На снижении Домодедово закрылось "гололедным состоянием", и мы, прослушав погоду московских аэропортов, переварив все нюансы боковых ветров и коэффициентов сцепления, развернулись на Питер. Оно ближе было бы идти на Нижний, но сзади нас шустрые коллеги уже развернулись и приземлились там, забив самолетами весь перрон и магистральную рулежку. Зная по опыту, что из ловушки горьковской магистральной РД не вырвешься раньше очереди, пока впереди стоящие борты не освободят пространство для выруливания, мы решили, что Питер хоть и дальше, да вылетишь оттуда скорее: там и перрон просторный, и обслуживание не чета Нижнему, и если уж застревать, то там хоть какой-никакой профилакторий с жиденькой кормежкой.

И потянулась вереница бортов в Пулково. Холодный фронт как раз его только-только прошел, на перроне гулял противный, ленинградский, зимний, влажный, леденящий ветер (Северная Венеция… бр-р-р), мы перебежали перрон, скользя по застывшим лужицам, и ввалились в штурманскую, уже забитую экипажами.

В окне синоптика, прорезанном из метео прямо в штурманскую, шла бесконечная консультация; усталая старушка повторяла одни и те же цифры, тыкала пальцем в загогулины фронтов на карте… надо было ждать. Аэрофлотская общественность, тихо матерясь, курила на лестнице, потом постепенно экипажи рассосались по своим самолетам, где можно было хоть подремать на креслах… уют известный - подложив ноги под голову.

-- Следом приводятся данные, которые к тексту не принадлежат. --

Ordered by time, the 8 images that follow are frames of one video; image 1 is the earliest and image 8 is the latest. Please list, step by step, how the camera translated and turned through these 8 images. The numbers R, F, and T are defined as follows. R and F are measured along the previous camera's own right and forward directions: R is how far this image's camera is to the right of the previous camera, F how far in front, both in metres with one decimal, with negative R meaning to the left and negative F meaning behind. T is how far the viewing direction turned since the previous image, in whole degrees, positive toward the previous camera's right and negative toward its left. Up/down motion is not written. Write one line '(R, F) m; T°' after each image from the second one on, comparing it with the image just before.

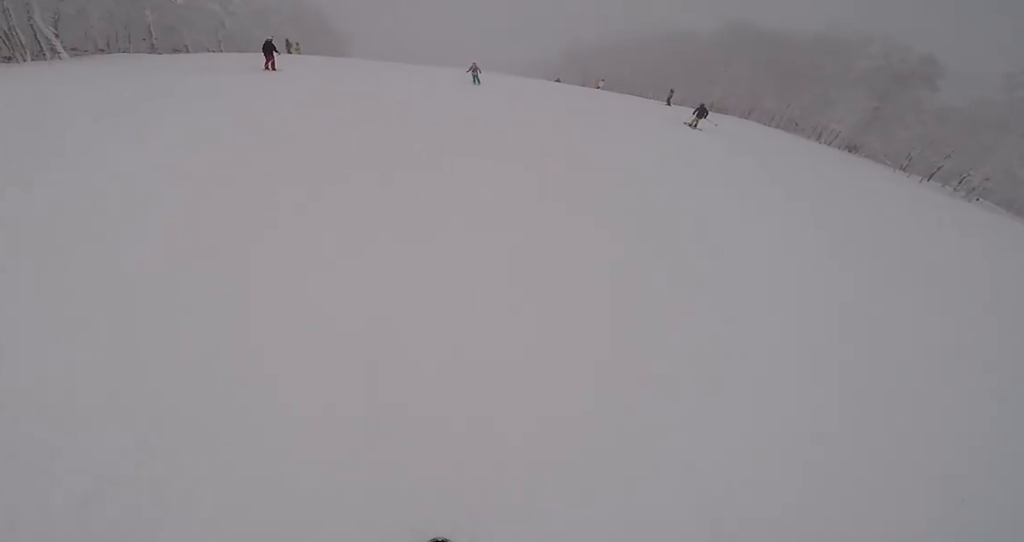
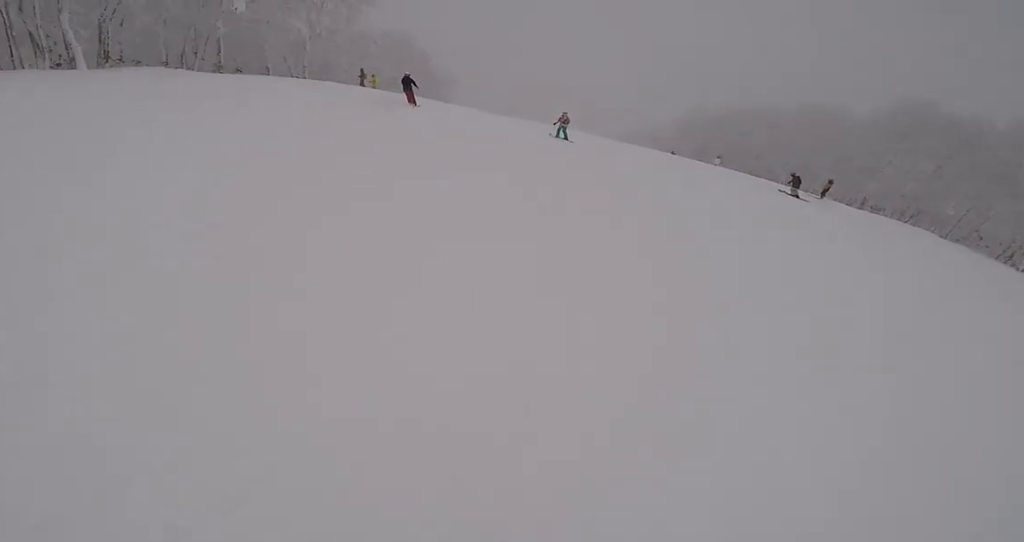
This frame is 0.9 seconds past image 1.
(-0.8, +6.4) m; -13°
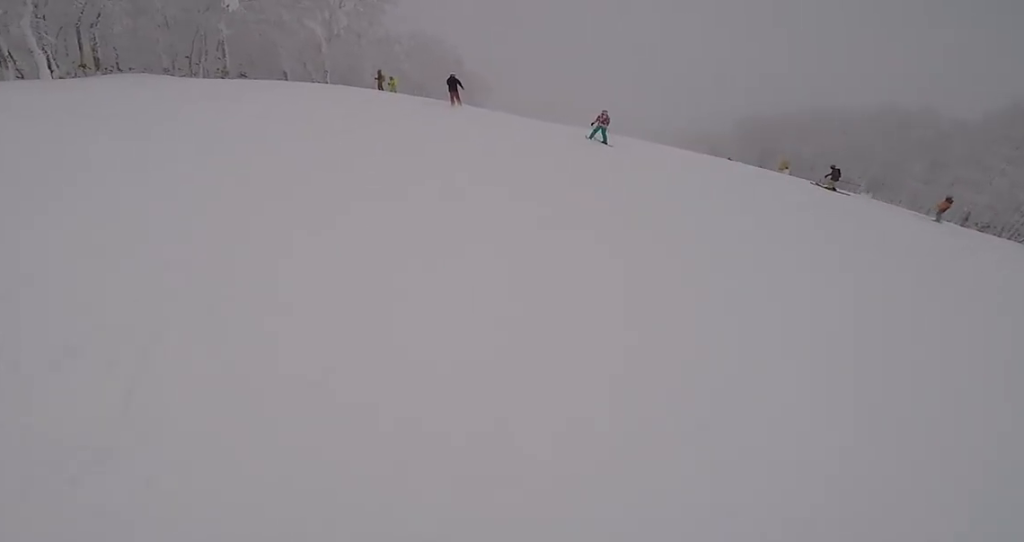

В штурманской остались одни капитаны. Большинство из них были москвичи, с Ту-154 и Ил-62, ну, и несколько уфимских, минводских, уральских летчиков; и я ж среди них, красноярец. Возраст общества был в среднем лет 50, молодых не просматривалось, и разговор, то вспыхивающий, то затухающий, шел в основном о том, чем никого из летчиков уже не удивишь: о бессоннице, да о зарплате, да о пенсии, да о реформах. О полетах говорить было нечего. Ждали новые прогнозы Московской зоны.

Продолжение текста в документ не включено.